Tiene razón de sobra el escritor valluno en su preocupación, por lo
que implica para la vida institucional de la Nación que la Fiscalía esté
adelantando investigaciones contra 16 generales del Ejército activos y
retirados, según contó la muy seria entidad norteamericana vigilante de los
Derechos Humanos, Human Rights Watch (HRW), en informe titulado El rol de los altos
mandos en falsos positivos. Aún más preocupante es saber que estarían
involucrados el actual comandante general de las Fuerzas Militares, general
Juan Pablo Rodríguez Barragán, y su homólogo en la comandancia del Ejército, general
Jaime Lasprilla. (Informe
de HRW aquí). Las acusaciones contra el general Rodríguez Barragán provienen
en parte del coronel (r) Robinson González del Río, quien afirma que aquel participó
en la falsificación de situaciones de combate y “contrató a un investigador
policial para que hiciera la acomodación en la escena”.

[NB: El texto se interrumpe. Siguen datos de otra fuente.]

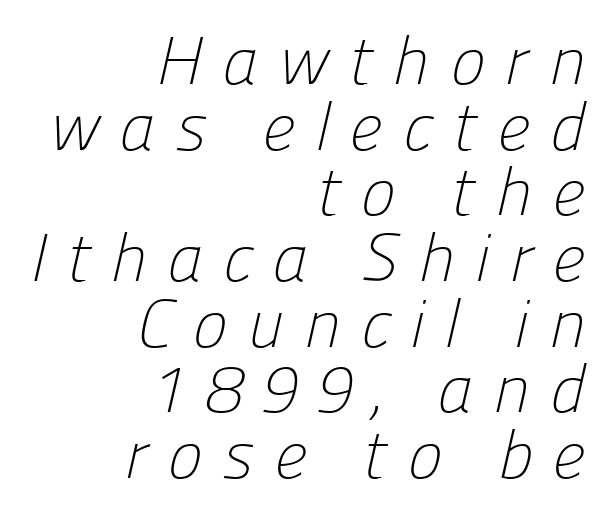
The zone under the glyphs is completely vacant. To sum up the face: it is a sans, with no serifs. Regarding leading, the lines here are crowded together. Display-style spreading of the glyphs; the letterfit is very open. Note the varied advance widths — an 'i' is clearly narrower than an 'm'. This reads as an unemphasized weight, regular at the heaviest.
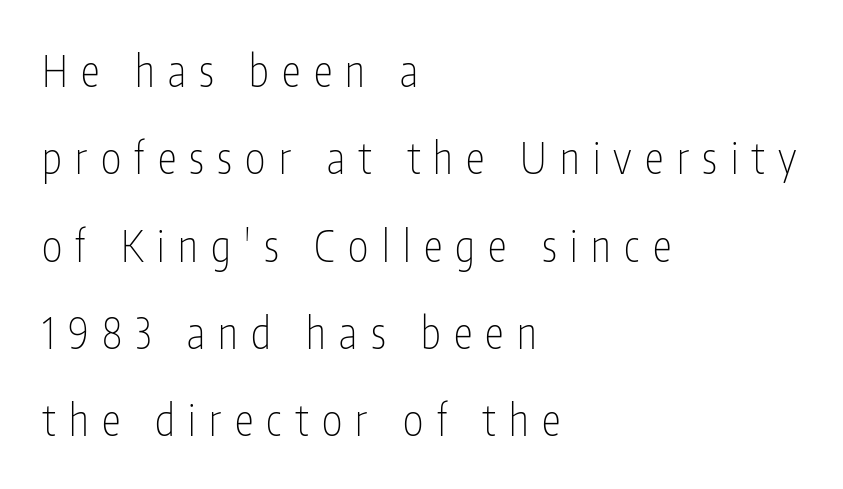
The specimen omits any rule beneath the text block's lines. Designer's note — italics off, roman on. Display-style spreading of the glyphs; the letterfit is very open. Spacing verdict: proportional, widths tailored to each character.
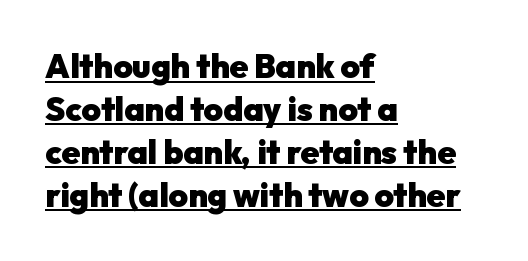
Q: Is the text bold? A: Yes.
Q: Is the text italic (slanted)? A: No, it is upright.
Q: Is the typeface a serif or a sans-serif typeface? A: Sans-serif.
Q: Is the text underlined? A: Yes.
Q: How is the paragraph aligned? A: Left-aligned.
Q: Is the spacing between letters normal or unusually wide? A: Normal.
Q: Is the spacing between lines tight, normal or loose? A: Normal.
Q: Width (condensed, normal, or wide)? A: Normal.
Q: Stroke contrast? A: Low.
Q: x-height? A: Medium.
Q: Monospaced? A: No.
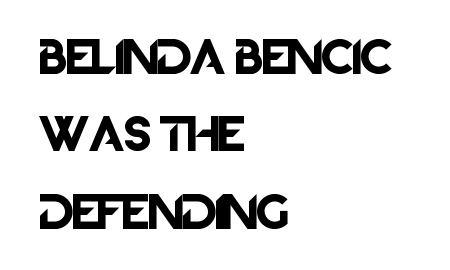
Q: Is the text italic (slanted)? A: No, it is upright.
Q: Is the typeface a serif or a sans-serif typeface? A: Sans-serif.
Q: Is the text underlined? A: No.
Q: How is the paragraph aligned? A: Left-aligned.
Q: Is the spacing between letters normal or unusually wide? A: Normal.
Q: Is the spacing between lines tight, normal or loose? A: Loose.
Q: Width (condensed, normal, or wide)? A: Normal.
Q: Stroke contrast? A: Low.
Q: x-height? A: Large.
Q: Monospaced? A: No.
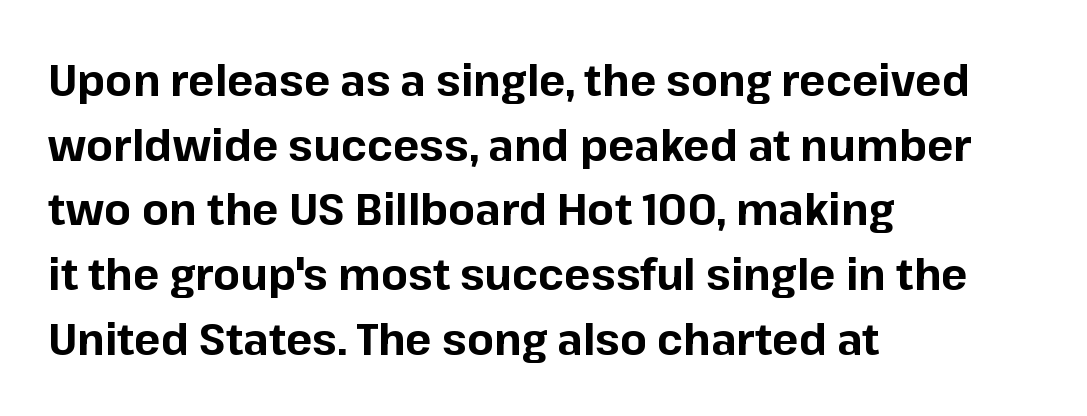
The image shows 44 px bold sans-serif type, upright; set left-aligned, normal line spacing (1.47x), normal letter spacing, not underlined; low stroke contrast and a medium x-height.
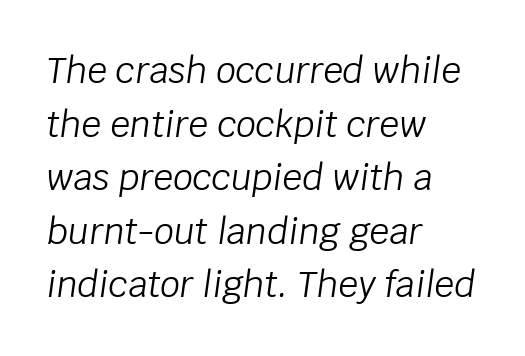
Q: Is the text bold? A: No.
Q: Is the text italic (slanted)? A: Yes, it leans right by about 8 degrees.
Q: Is the text underlined? A: No.
Q: How is the paragraph aligned? A: Left-aligned.
Q: Is the spacing between letters normal or unusually wide? A: Normal.
Q: Is the spacing between lines tight, normal or loose? A: Normal.
Q: Width (condensed, normal, or wide)? A: Normal.
Q: Stroke contrast? A: Low.
Q: x-height? A: Large.
Q: Monospaced? A: No.
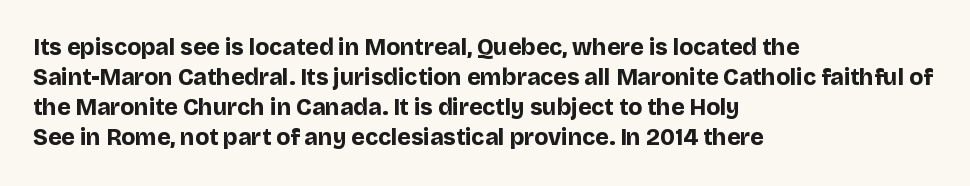
Q: Is the text bold? A: Yes.
Q: Is the text italic (slanted)? A: No, it is upright.
Q: Is the text underlined? A: No.
Q: How is the paragraph aligned? A: Left-aligned.
Q: Is the spacing between letters normal or unusually wide? A: Normal.
Q: Is the spacing between lines tight, normal or loose? A: Normal.

Son acusaciones de extrema gravedad, y fueron el motivo por el cual el
presidente Juan Manuel Santos y el procurador Alejandro Ordóñez coincidieron en
descalificar airados dicho informe, el primero pidiendo “que no nos vengan a
manchar la institución" y el segundo exigiendo del Estado –en lugar de
condenar los falsos positivos- “una condena fuerte a esas conclusiones (de HRW),
por ligeras y envenenadas”. Esto último podría oscilar entre una imprudencia
verbal o una abierta complicidad con prácticas criminales, pues Ordóñez es precisamente
el juez disciplinario de las Fuerzas Armadas y debería saber que una sentencia
del Tribunal Superior de Cundinamarca por las víctimas de Soacha elevó ese caso
a delito de lesa humanidad, al considerar que fue parte de “un plan criminal
sistemático y generalizado” contra la población civil.
Pero el colmo de la infamia no está ahí, sino en este trino que
publicó el expresidente Álvaro Uribe: “En reunión con las madres de Soacha
varias me expresaron que sus hijos estaban infortunadamente involucrados en
actividades ilegales, lo cual no excusa asesinatos, pero la hipótesis no fue
examinada por la justicia”. (Ver
trino)
¿Será posible mayor re-victimización? Aquí convierte en criminales a
las víctimas y en cómplices a sus madres, al mostrarlas como conocedoras de
supuestas conductas delictivas de los hijos que les mataron. ¿Habrá alguna
madre de Soacha que confiese que le contó a Uribe de supuestas actividades
criminales de su hijo antes de caer asesinado a manos del Ejército? No creo. Además,
si eso le hubieran dicho lo habría publicitado con bombos y tuiterazos ese
mismo día. Pero es la primera vez que lo menciona, porque es hoy cuando en su
defensa se agarra hasta de un clavo ardiendo.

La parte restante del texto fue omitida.